Like any other industry, the home warranty space has its own technical jargon that can make understanding your coverage benefits more challenging than it already is. Whether you’re a first-time policyholder or just need a refresher, we’ve created this A-Z home warranty glossary to help you navigate past any dense terminology.

A

Act of God — An unforeseen and unpreventable natural force or hazard beyond human control (i.e., tornadoes, hurricanes, lightning, etc.) which are not covered by home warranties.

Actual Cash Value (ACV) — The monetary value equivalent to the replacement cost of an appliance or system minus the year-over-year depreciation of the item at the time of its breakdown.

Additional Coverage — Extra coverage that can be added to a home warranty plan, typically on an à la carte basis, to protect household features not typically included in a standard policy.

Administrative Fee — A one-time fee typically charged when policyholders opt to cancel their service contract after the first 30 days of coverage.

Alternative Dwelling Unit (ADU) — A smaller, secondary dwelling within the same property grounds as the primary residence.

Annual Limit — The maximum amount per year that a home warranty will cover the cost to repair or replace an approved home appliance or system.

Appliance Insurance — Another term for home warranty coverage, specifically for appliances, which covers repair costs related to normal wear and tear over time.

B

Book Value — The fair market value of a covered appliance or system at the time of the service request.

Breach of Warranty — Any instances where a provider violates,  doesn’t follow through with, or otherwise misconstrues the representation of the service promised by your official contract.

C

Cash-in-Lieu — A home warranty company may offer to compensate covered damages to systems and appliances with cash rather than order a replacement of the affected item on your behalf.

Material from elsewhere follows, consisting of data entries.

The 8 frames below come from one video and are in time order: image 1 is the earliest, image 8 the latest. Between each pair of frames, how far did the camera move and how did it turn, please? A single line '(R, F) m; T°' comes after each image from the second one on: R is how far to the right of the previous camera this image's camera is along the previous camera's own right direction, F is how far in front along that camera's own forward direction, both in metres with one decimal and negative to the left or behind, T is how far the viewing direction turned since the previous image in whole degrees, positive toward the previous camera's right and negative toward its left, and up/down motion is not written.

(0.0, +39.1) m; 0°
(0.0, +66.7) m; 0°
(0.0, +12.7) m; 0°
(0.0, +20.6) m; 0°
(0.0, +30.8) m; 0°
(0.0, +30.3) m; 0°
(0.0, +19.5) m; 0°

This most often applies in situations where total replacements are necessary, and a provider can’t find a comparable unit, therefore they leave the selection process up to the policyholder.

Claim — A means for policyholders to notify their service provider of an appliance or system issue to initiate the repair or replacement process.

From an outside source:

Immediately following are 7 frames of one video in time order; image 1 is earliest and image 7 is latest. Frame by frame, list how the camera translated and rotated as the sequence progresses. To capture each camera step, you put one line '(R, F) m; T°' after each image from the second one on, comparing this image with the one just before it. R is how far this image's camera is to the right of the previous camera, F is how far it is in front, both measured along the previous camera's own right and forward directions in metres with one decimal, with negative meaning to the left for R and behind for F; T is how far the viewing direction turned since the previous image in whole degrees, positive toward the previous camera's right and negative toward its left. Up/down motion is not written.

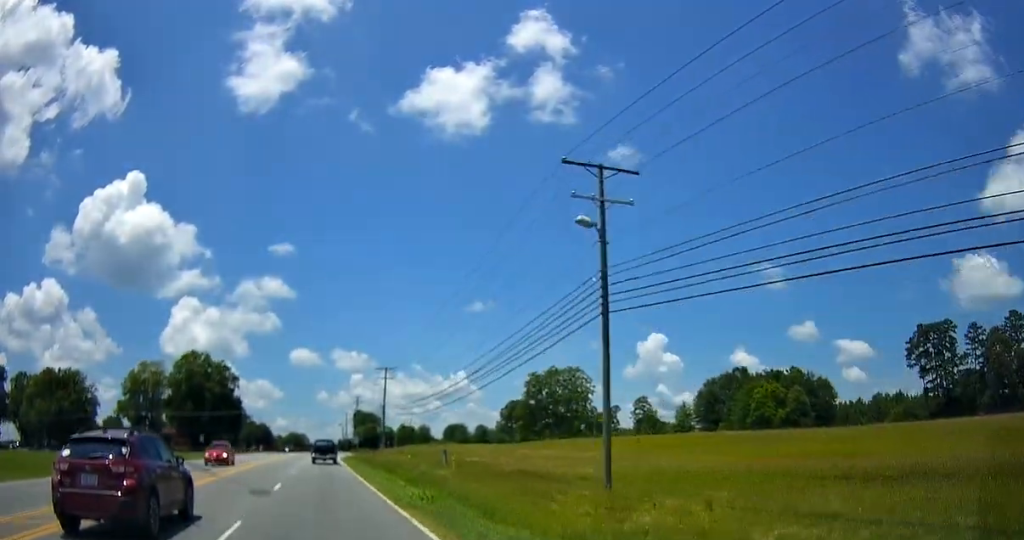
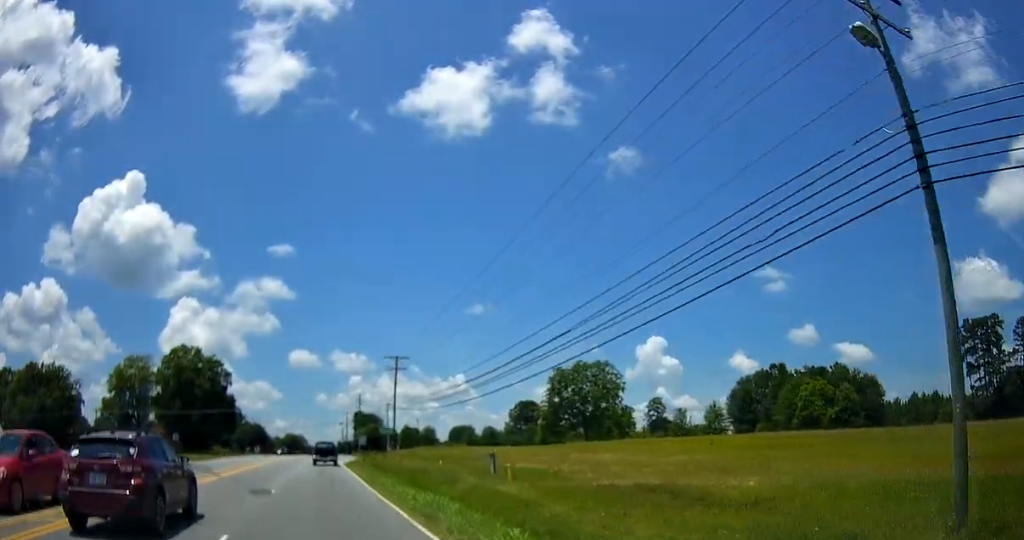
(-0.4, +13.0) m; -1°
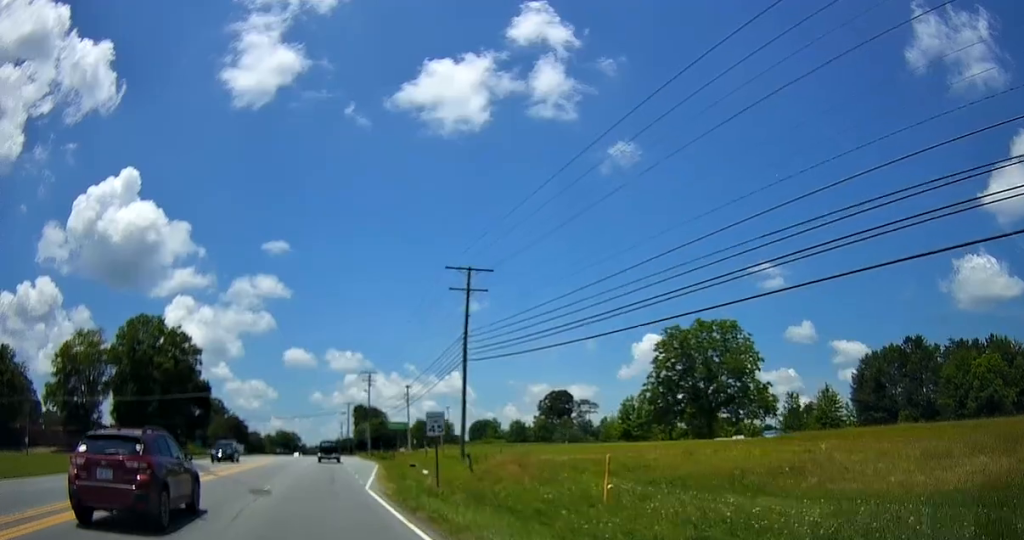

Claim Denial — When a home warranty provider rejects your request for service, typically due to an item’s coverage ineligibility.

Class Action Waiver — A provision, often found toward the end of a home warranty service contract, that limits a policyholder’s right to file a class action lawsuit as a means of dispute resolution.

Code Violations — Improper installations of key functional features within a property that ultimately go against any building codes established and enforced by municipal and state laws.

Commercial-Grade — The quality of products designed to be used in commercial settings. Most home warranty contracts emphasize that commercial-grade appliances and systems aren’t eligible for coverage through a residential home protection plan.

Comprehensive Coverage — Refers to the maximum level of available coverage through any given provider’s home warranty plan options. Most will include dual coverage for appliances and systems with high annual coverage limits.

Consequential Loss —Secondary damage or loss due to a primary appliance or system failure. (i.e. wood rot in your cabinetry caused by a pipe leak under the kitchen sink)

Consumer Product Safety CommissionAn independent agency of the United States government dedicated to protecting “the public from unreasonable risks of serious injury or death from thousands of types of consumer products under its jurisdiction, including mechanical, fire, electrical, or chemical hazards.”

Contract Agreement — A legally binding manifestation between two parties — in this case, the homeowner and home warranty provider — concerning the transfer of service between the two and its agreed-upon terms and conditions.

Corrective Work — Maintenance or other repair work that a buyer may request to be done before purchasing or closing on a home.

Coverage Rider — See “Additional Coverage” or “Optional Coverage.” Another term for an add-on, a rider is an optional coverage item available for an extra fee.

Curable Defect — When a home for sale has an identifiable issue that can be corrected by either the seller or buyer based on the terms of the service agreement.

D

Deductible — Also known as a service call fee, this is an out-of-pocket payment due each time a policyholder requests a repair or replacement for a new issue. This payment goes toward covering labor costs and travel expenses for technicians.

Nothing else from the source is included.